FH (fumarate hydratase) is a protein-coding gene located on chromosome 1q43.

The protein encoded by this gene is an enzymatic component of the citric acid cycle (tricarboxylic acid cycle/TCA) Catalyzes the hydration of fumarate to L-malate in the tricarboxylic acid cycle (TCA) to facilitate a transition step in energy production in the form of NADH (Ajalla Aleixo MA et al. 2019). Fumarate is a byproduct of the urea cycle and amino acid catabolism.

It exists in both a cytosolic form and an N-terminal extended form, differing only in the translational start site used. The N-terminal extended form is destined for the mitochondrion, where removal of the extension results in the same form as in the cytoplasm.

Mutations in this gene can cause fumarase deficiency and lead to progressive encephalopathy. Furthermore, Hereditary Leiomyomatosis And Renal Cell Cancer is associated with mutations in this gene. Also plays a role in DNA repair by promoting non-homologous end joining (NHEJ) (Jiang Y et al. 2015; Yogev O et al. 2010).

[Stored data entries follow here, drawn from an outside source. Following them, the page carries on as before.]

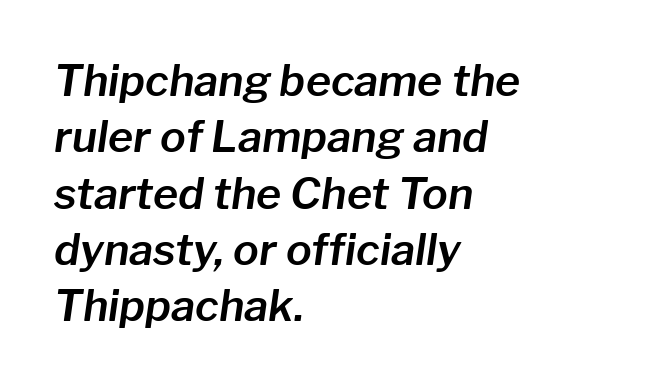
The baseline area is clear. The paragraph shown leans on its left margin. The block of text has a typical density, with ordinary space between rows. Observe the lean: these are italic letterforms. These lines are rendered in a variable-pitch font.
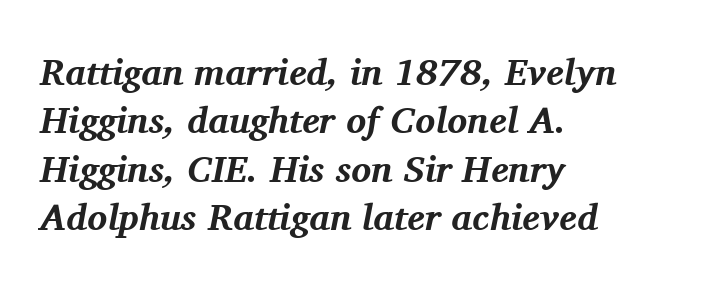
The image shows 37 px bold serif type, italic (leaning right); set left-aligned, normal line spacing (1.31x), normal letter spacing, not underlined; medium stroke contrast and a medium x-height.
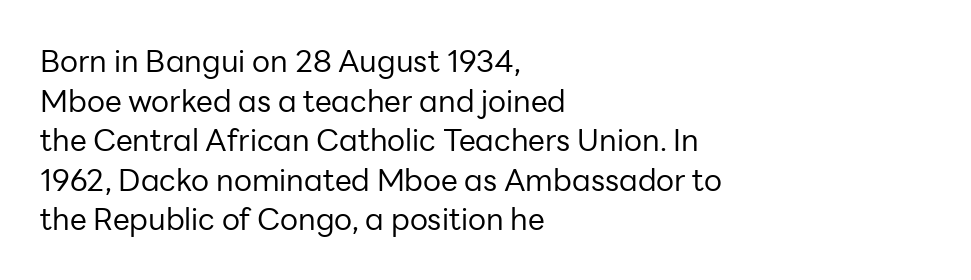
The image shows 30 px regular-weight sans-serif type, upright; set left-aligned, normal line spacing (1.32x), normal letter spacing, not underlined; low stroke contrast and a medium x-height.
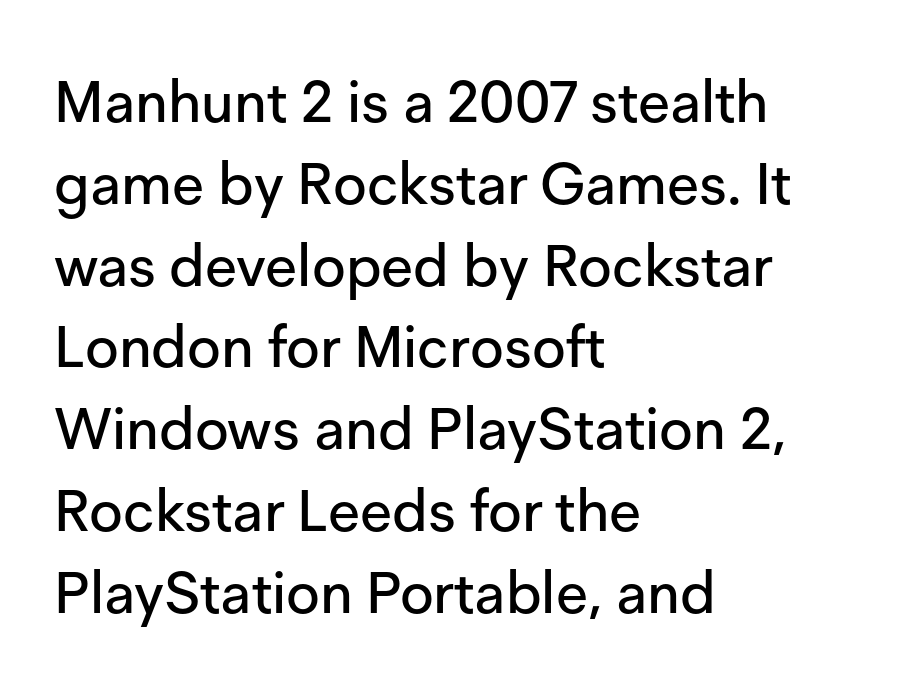
Line starts are locked; line ends wander. Any mark beneath the type? The region is blank. This sample keeps an unexceptional amount of space between lines. The gaps between neighbouring characters are ordinary and unremarkable. A typesetter would call this proportional, since set widths differ per character.
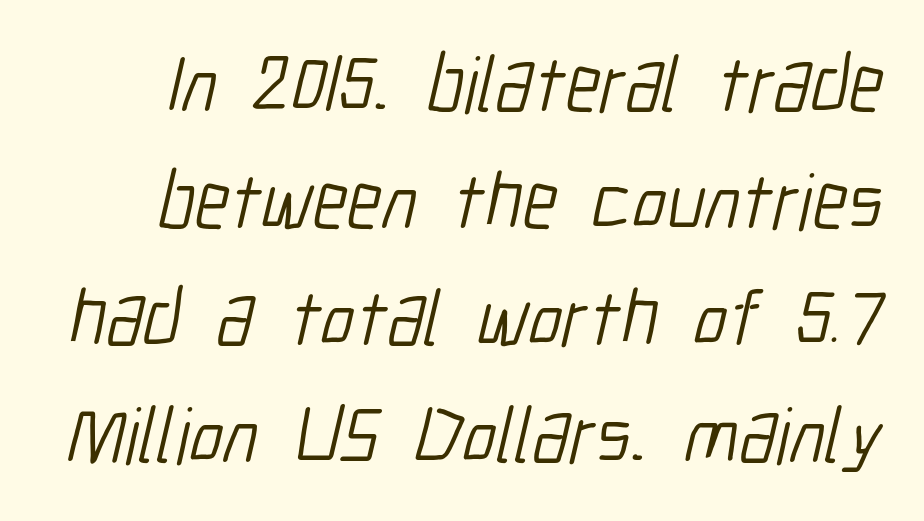
Q: Is the text bold? A: No.
Q: Is the typeface a serif or a sans-serif typeface? A: Sans-serif.
Q: Is the text underlined? A: No.
Q: Is the spacing between letters normal or unusually wide? A: Normal.
Q: Is the spacing between lines tight, normal or loose? A: Normal.
Q: Width (condensed, normal, or wide)? A: Condensed.
Q: Stroke contrast? A: Low.
Q: x-height? A: Medium.
Q: Monospaced? A: No.
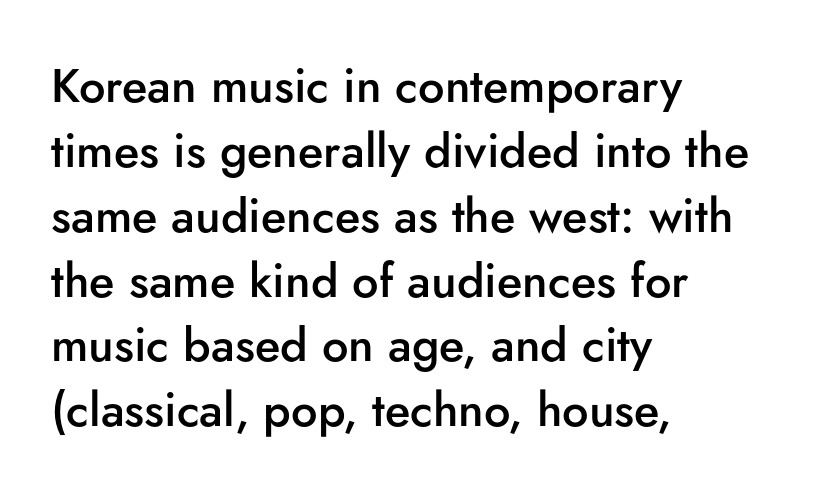
The image shows 47 px semibold sans-serif type, upright; set left-aligned, normal line spacing (1.38x), normal letter spacing, not underlined; low stroke contrast and a small x-height.

1. Ajalla Aleixo MA et al (2019) Structural, biochemical and biophysical characterization of recombinant human fumarate hydratase. FEBS J 286:1925-1940.
2. Jiang Y et al (2015) Local generation of fumarate promotes DNA repair through inhibition of histone H3 demethylation. Nat Cell Biol 17:1158-1168.
3. Yogev O et al (2010) Fumarase: a mitochondrial metabolic enzyme and a cytosolic/nuclear component of the DNA damage response. PLoS Biol 8:e1000328.